Francisco rezou hoje pelos que tem medo, neste tempo de sofrimento, e pediu a Deus o dom da confiança para o presente e futuro

“Nestes dias de tanto sofrimento, há tanto medo. O Medo de tantos anciãos que estão nos lares, nos hospitais, ou em suas casas, sozinhos, sem saberem o que pode acontecer. O medo dos trabalhadores precários, sem ocupação fixa, que pensam como vão alimentar os seus filhos enquanto vem a aproximação da fome”, afirmou o Papa, no início da celebração eucaristia a que presidiu nesta manhã de quinta-feira.

Francisco lembrou, ainda “o medo dos assistentes sociais que neste momento ajudam os doentes e os que estão sós, e assim fazem avançar a sociedade, mesmo podendo apanhar a doença” e recordou “os medos de cada um de nós”.

O Papa convidou os crentes a “pedir ao senhor que nos ajude a ter confiança, a tolerar e a vencer os medos”, numa missa transmitida pelos serviços de comunicação do Vaticano.

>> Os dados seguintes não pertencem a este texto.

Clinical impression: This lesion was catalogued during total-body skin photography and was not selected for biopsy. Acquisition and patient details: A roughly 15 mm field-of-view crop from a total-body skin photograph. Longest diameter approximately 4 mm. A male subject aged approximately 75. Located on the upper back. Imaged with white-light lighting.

Os ídolos que afastam da verdadeira religiosidade

Na sua homilia, e tomando para reflexão o excerto da primeira leitura, retirada do livro do Êxodo (Ex 32,7.14), que narra o episódio do bezerro de ouro, Francisco lembrou os “ídolos que tantas vezes trazemos escondidos” e que nos “fazem perder os dons do Senhor” conduzindo-nos “a uma religiosidade errada”.

“Este mecanismo, o da idolatria, é um mecanismo que nos afasta de Deus. É um mal que entra no coração e que nos distancia de Deus, faz-nos perder os dons do Senhor”.

Francisco desafiou os presentes a “interrogarmo-nos acerca dos nossos ídolos, aqueles que estão dentro de cada um e que nos afastam do Deus vivo”.

“São ídolos que guardamos dentro de nós, de maneira astuta, como fez Raquel quando fugiu do seu pai e escondeu as suas estatuetas na sela do camelo. Hoje interroguemo-nos seriamente: qual é o meu ídolo, o meu símbolo de mundanidade?”

Para o Papa a “idolatria leva-nos a uma religiosidade errónea que pode transformar um sacramento numa idolatria”.

No final da sua homilia o papa convidou os presentes a questionarem-se sobre “os seus próprios ídolos, aqueles que escondo” e rezou:

“Peçamos a graça de conhecer os nossos ídolos. E se não os poderemos expulsar ao menos saibamos colocá-los de lado”.